Temporary loop ileostomies are common after colorectal cancer surgery to reduce anastomotic leak severity. However, ileostomy takedown carries risks like surgical site infections (SSIs) and incisional hernias. The optimal fascial closure technique during takedown remains debated. This study compared these techniques regarding postoperative complications. This retrospective study analyzed data from 69 patients undergoing scheduled loop ileostomy closure between 2016-2020 at two Romanian surgical departments. Data collected included demographics, clinical variables (ASA score, comorbidities), surgical details (suture type, closure time, skin closure type), and follow-up data including CT assessments for hernia detection. The cohort included 69 patients (mean age 63, 64% male). Fascial closure was used in 17 (24.7%) and interrupted in 52 (75.4%) patients. Running sutures were significantly faster (mean 19 vs. 22 min, p=0.028). Overall SSI rate was 21.7%. Ileostomy site incisional hernias occurred in 13 patients (18.6%) after a mean follow-up of 30.7 months.

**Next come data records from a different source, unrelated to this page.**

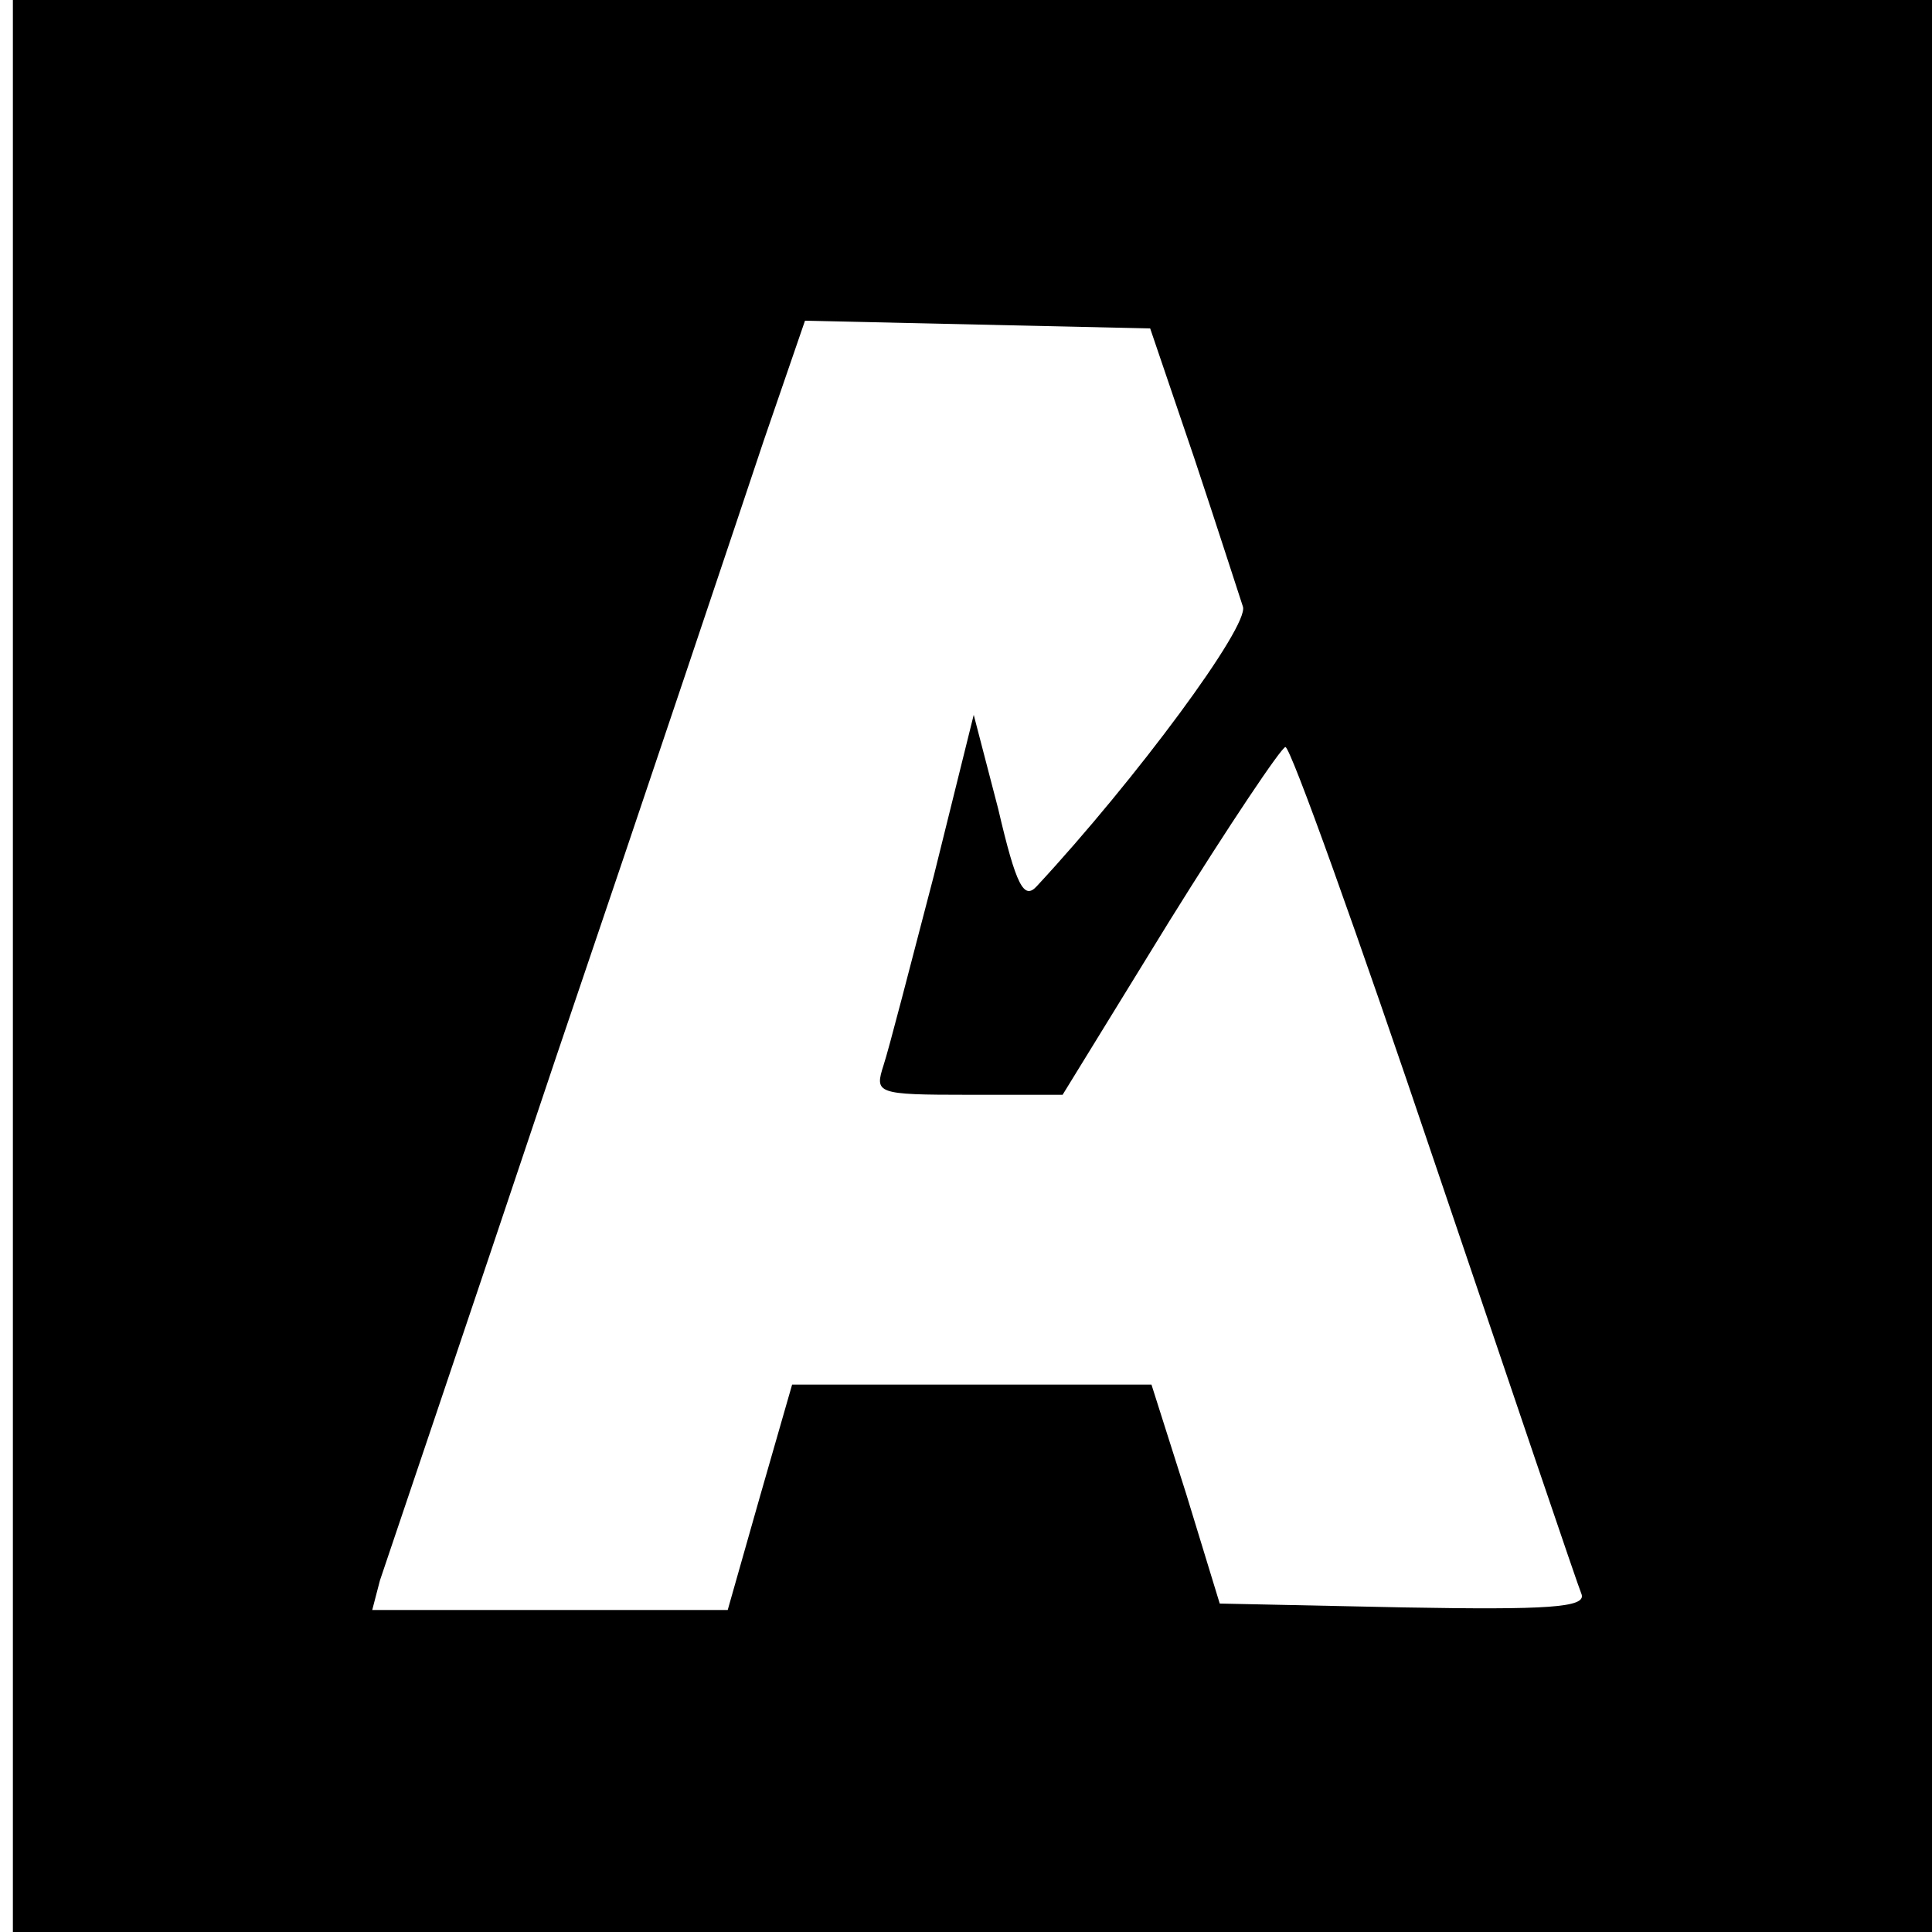 <?xml version="1.0" standalone="no"?>
<!DOCTYPE svg PUBLIC "-//W3C//DTD SVG 20010904//EN"
 "http://www.w3.org/TR/2001/REC-SVG-20010904/DTD/svg10.dtd">
<svg version="1.0" xmlns="http://www.w3.org/2000/svg"
 width="150pt" height="150pt" viewBox="0 0 150 150"
 preserveAspectRatio="xMidYMid meet">
<g transform="translate(0,150) scale(0.1,-0.1)"
fill="#000000" stroke="none">
<path d="M10 750 l0 -750 745 0 745 0 0 750 0 750 -745 0 -745 0 0 -750z m917
395 c18 -54 35 -107 38 -116 5 -15 -83 -134 -160 -217 -10 -11 -16 0 -30 60
l-19 73 -31 -125 c-18 -69 -35 -135 -39 -147 -7 -22 -6 -23 66 -23 l73 0 83
135 c46 74 87 135 90 135 4 0 56 -145 116 -323 60 -177 111 -328 114 -335 3
-10 -26 -12 -138 -10 l-143 3 -26 85 -27 85 -139 0 -140 0 -25 -87 -25 -88
-138 0 -138 0 6 23 c4 12 66 195 137 407 72 212 144 427 161 478 l32 93 134
-3 134 -3 34 -100z"/>
</g>
</svg>
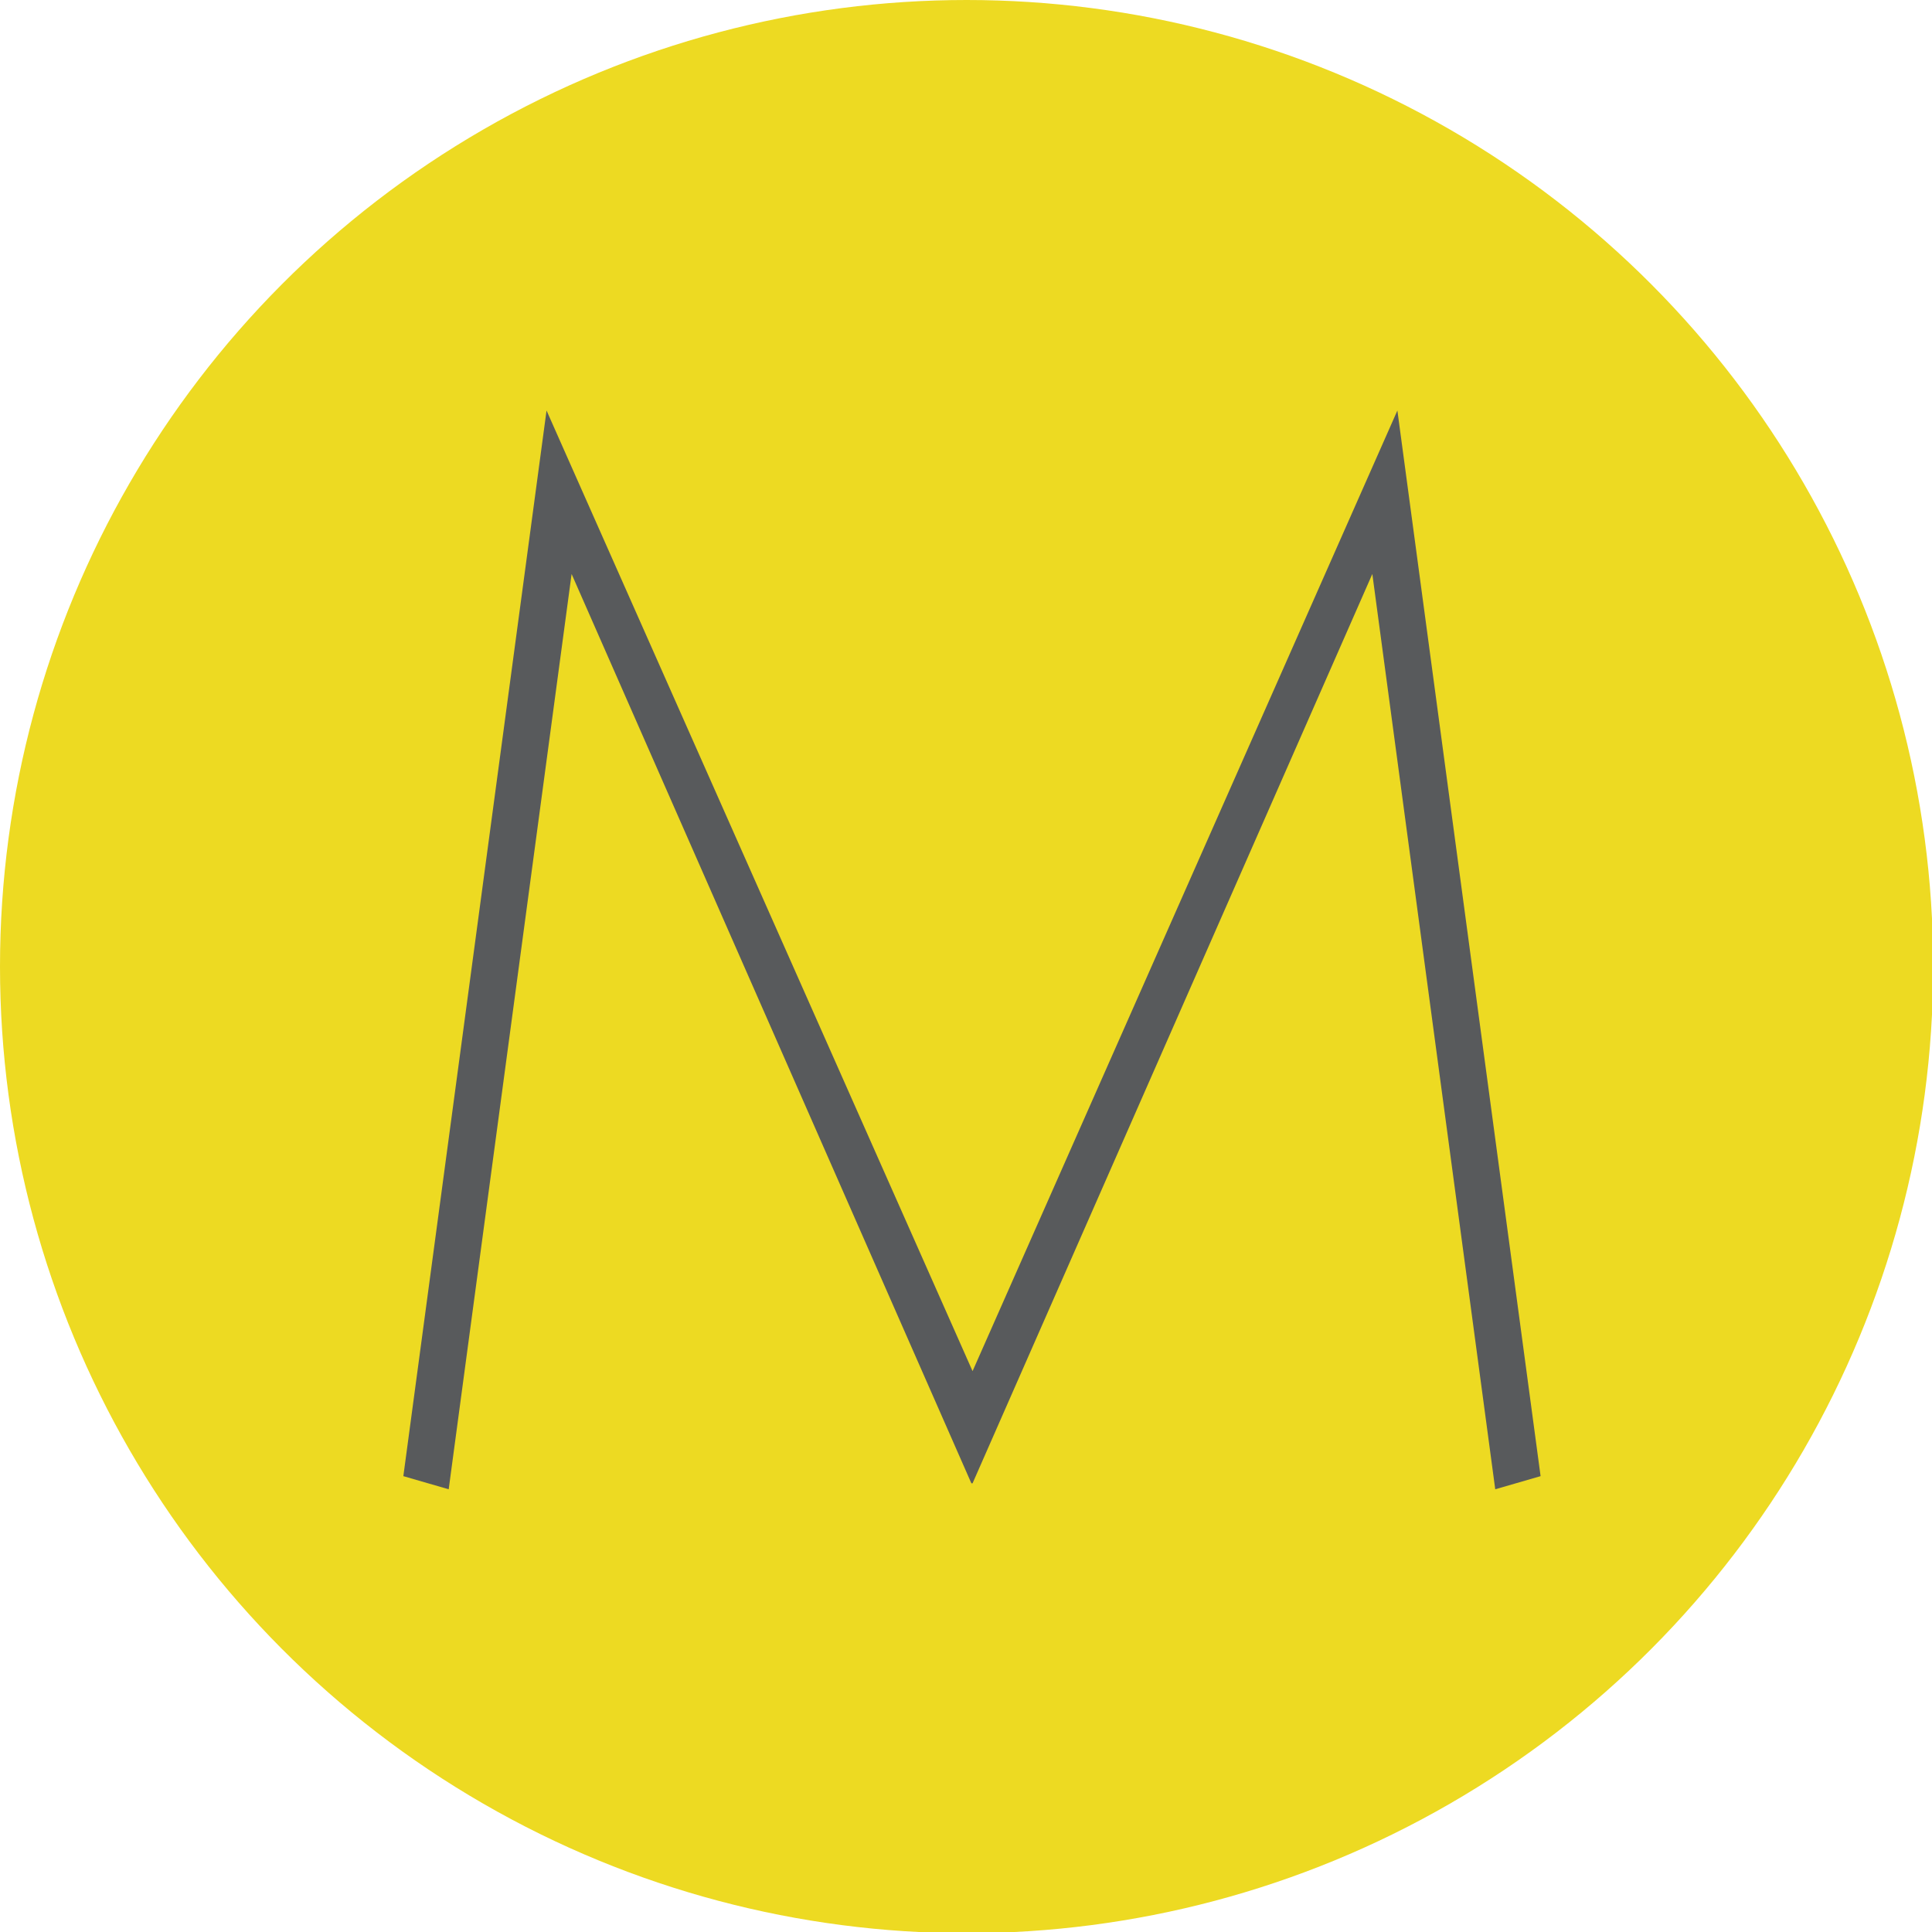 <?xml version="1.0" encoding="utf-8"?>
<!-- Generator: Adobe Illustrator 19.1.0, SVG Export Plug-In . SVG Version: 6.00 Build 0)  -->
<svg version="1.1" id="Layer_1" xmlns="http://www.w3.org/2000/svg" xmlns:xlink="http://www.w3.org/1999/xlink" x="0px" y="0px"
	 viewBox="0 0 161.9 161.9" style="enable-background:new 0 0 161.9 161.9;" xml:space="preserve">
<style type="text/css">
	.st0{fill:#EDDA22;}
	.st1{fill:#585A5C;}
</style>
<circle class="st0" cx="81" cy="81" r="81"/>
<polyline class="st1" points="81.5,124.3 115,48.1 125.3,124.8 129.1,123.7 117.1,34.4 81.5,114.9 45.8,34.4 33.8,123.7 37.6,124.8 
	47.9,48.1 81.4,124.3 "/>
</svg>

No statistically significant difference in hernia rates was found between running (3/17) and interrupted (10/52) suture groups (p=1). Significant risk factors for hernia development included longer follow-up (OR=0.87, p=.025), BMI≥30 (OR=176, p=.009), and Clavien-Dindo grade 3 postoperative complications (OR=112, p=.033). While running sutures offer faster fascial closure, this study found no significant difference in ileostomy site incisional hernia rates between running and interrupted techniques. Patient factors like BMI ≥30 and severe postoperative complications are significant predictors of hernia formation. Careful technique is crucial, but primary closure without mesh remains standard.

回肠造口取口术中筋膜闭合的运行缝合与间断缝合的比较。
临时回肠袢造口术在结直肠癌术后很常见,以减少吻合口漏的严重程度。然而,回肠造口术有手术部位感染(ssi)和切口疝等风险。取下时的最佳筋膜闭合技术仍有争议。本研究比较了这些技术对术后并发症的影响。这项回顾性研究分析了2016-2020年间在罗马尼亚两个外科部门接受回肠袢闭合术的69例患者的数据。收集的数据包括人口统计学、临床变量(ASA评分、合并症)、手术细节(缝线类型、缝合时间、皮肤闭合类型)以及随访数据(包括疝检测的CT评估)。该队列包括69例患者(平均年龄63岁,64%为男性)。17例(24.7%)患者采用筋膜闭合,52例(75.4%)患者采用中断。运行缝线明显更快(平均19 vs 22 min, p=0.028)。总体SSI率为21.7%。回肠造口切口疝13例(18.6%),平均随访30.7个月。连续缝合组(3/17)与间断缝合组(10/52)疝发生率差异无统计学意义(p=1)。疝发展的重要危险因素包括随访时间较长(OR=0.87, p= 0.025)、BMI≥30 (OR=176, p= 0.009)和Clavien-Dindo 3级术后并发症(OR=112, p= 0.033)。虽然运行缝线提供更快的筋膜闭合,但本研究发现运行缝线和中断缝线在回肠造口部位切口疝发生率上没有显著差异。BMI≥30和术后严重并发症等患者因素是疝形成的重要预测因素。谨慎的技术是至关重要的,但没有网格的初级闭合仍然是标准的。
本文章由计算机程序翻译,如有差异,请以英文原文为准。